Start of Input data
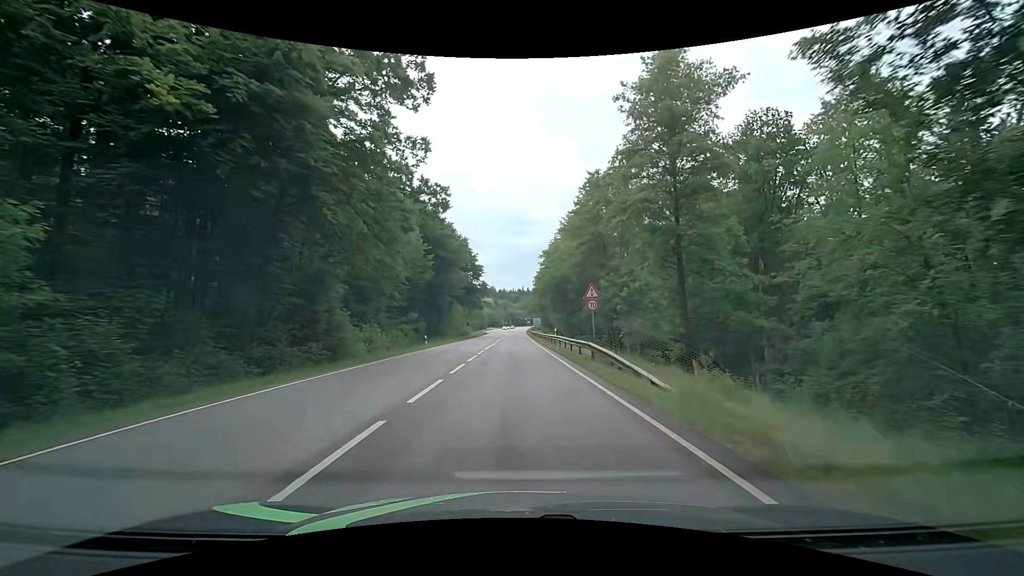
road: secondary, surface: asphalt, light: Day
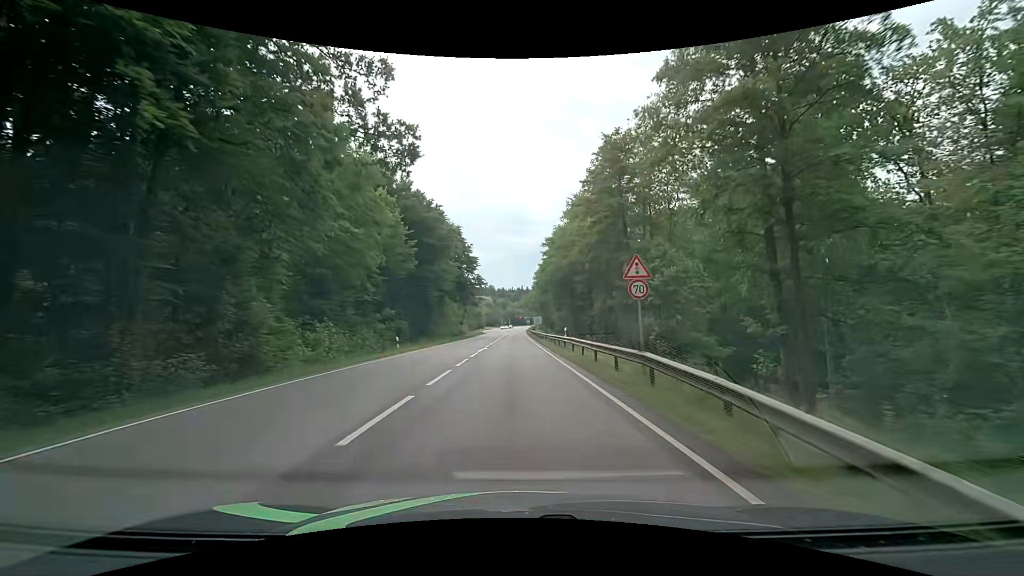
(0.0, +9.4) m; 0°
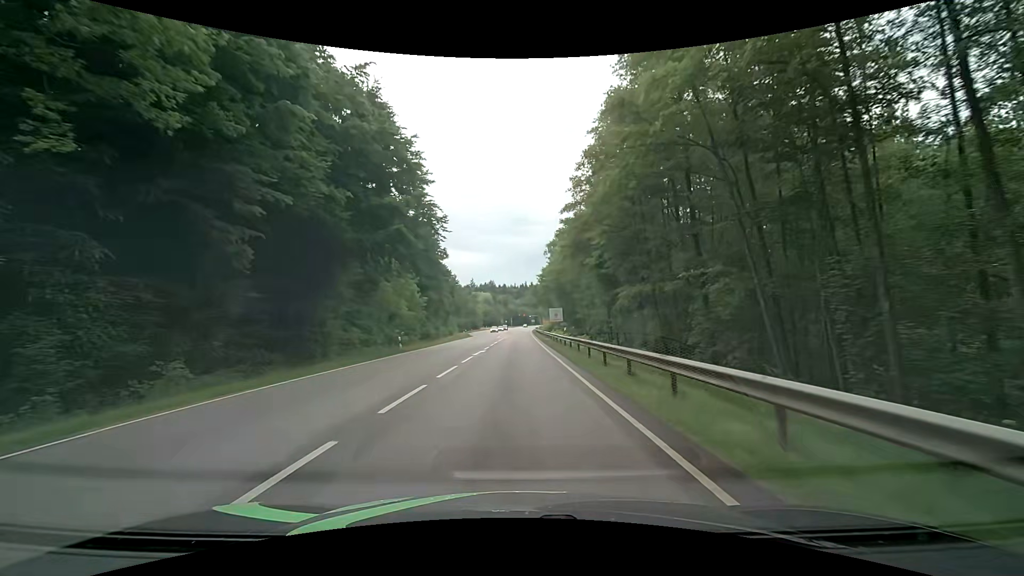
(-0.3, +45.9) m; -1°
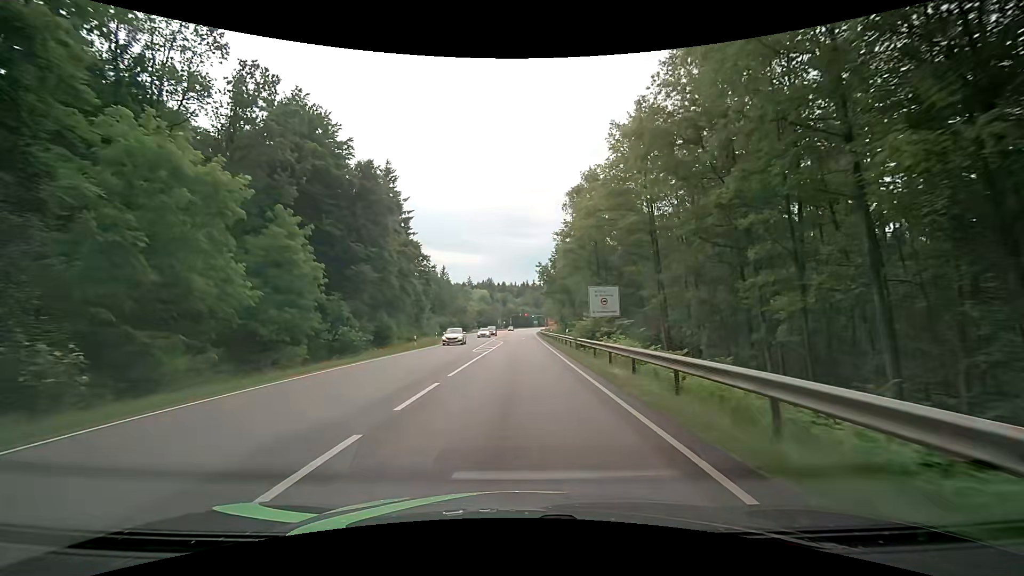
(+0.1, +35.6) m; -1°
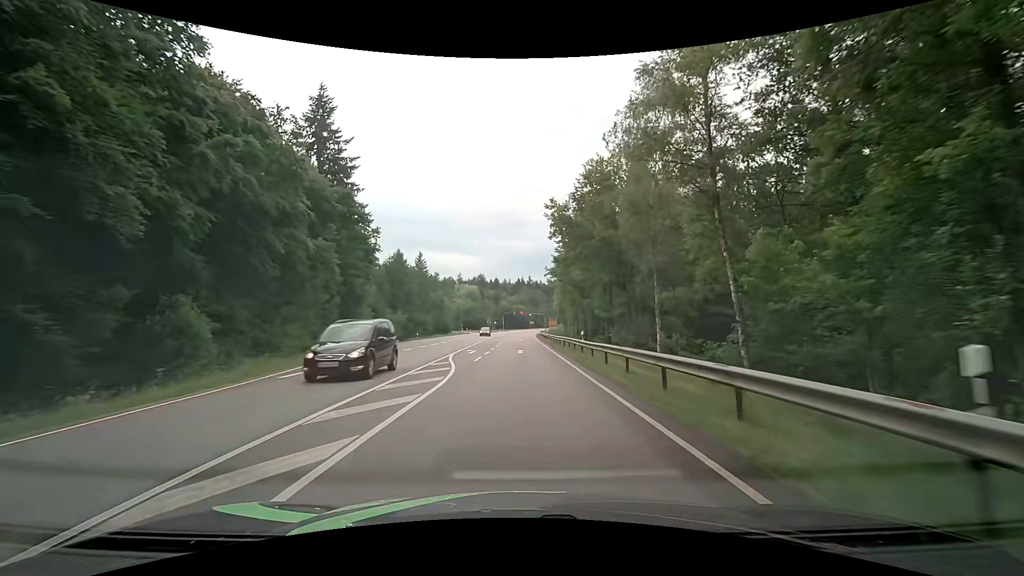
(+0.7, +34.9) m; +1°
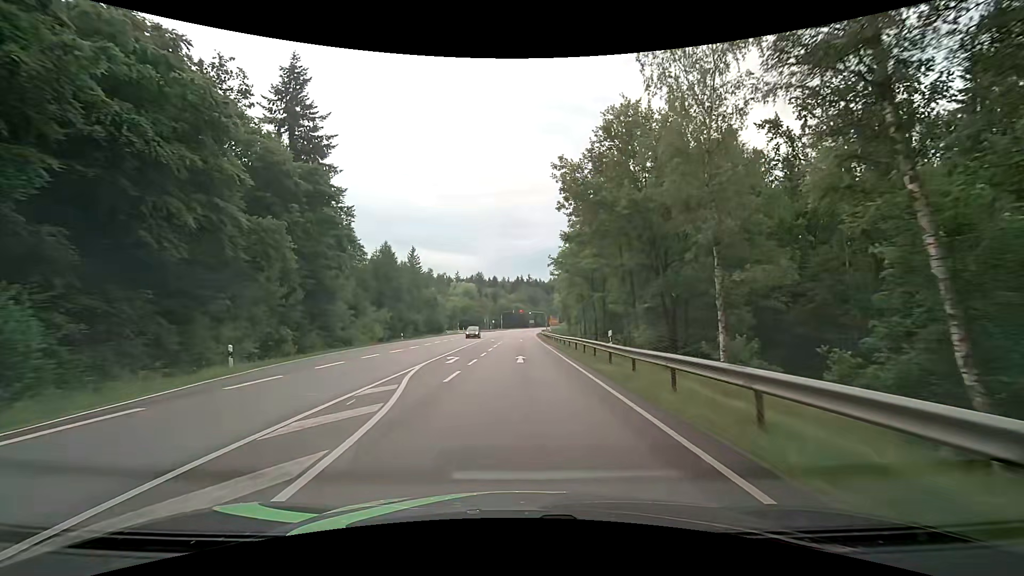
(0.0, +8.7) m; 0°
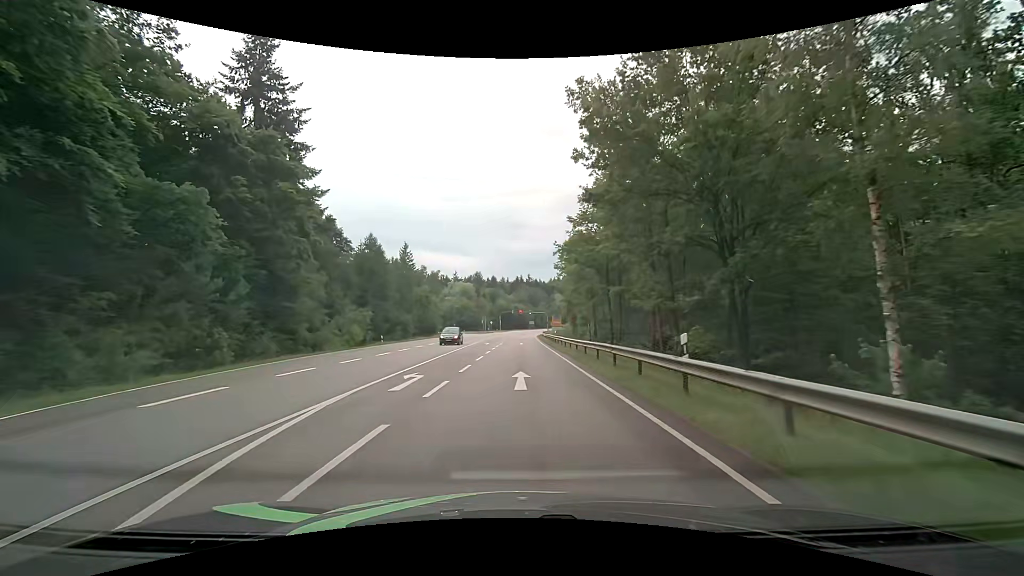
(0.0, +8.7) m; 0°
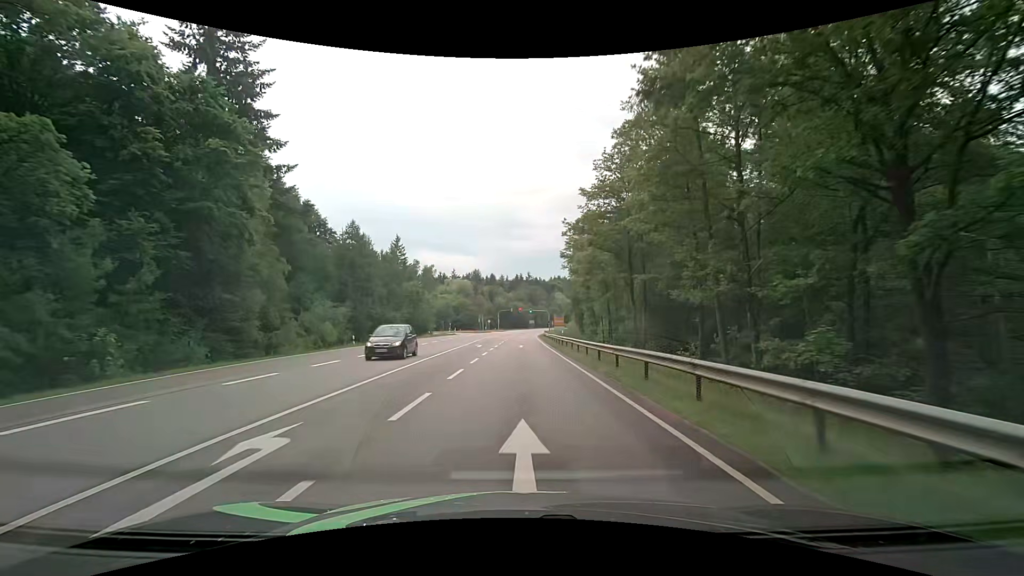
(0.0, +8.7) m; +1°
(0, +10) (0, +20) (0, +30) (0, +40) (0, +50) (0, +60) (0, +70) (0, +80) (0, +90) (+1, +100) m
End of Input data
Problem to work on -> With the images omitted, repeat all the data word for word.

Response below ->
road: secondary, surface: asphalt, light: Day
(0.0, +9.4) m; 0°
(-0.3, +45.9) m; -1°
(+0.1, +35.6) m; -1°
(+0.7, +34.9) m; +1°
(0.0, +8.7) m; 0°
(0.0, +8.7) m; 0°
(0.0, +8.7) m; +1°
(0, +10) (0, +20) (0, +30) (0, +40) (0, +50) (0, +60) (0, +70) (0, +80) (0, +90) (+1, +100) m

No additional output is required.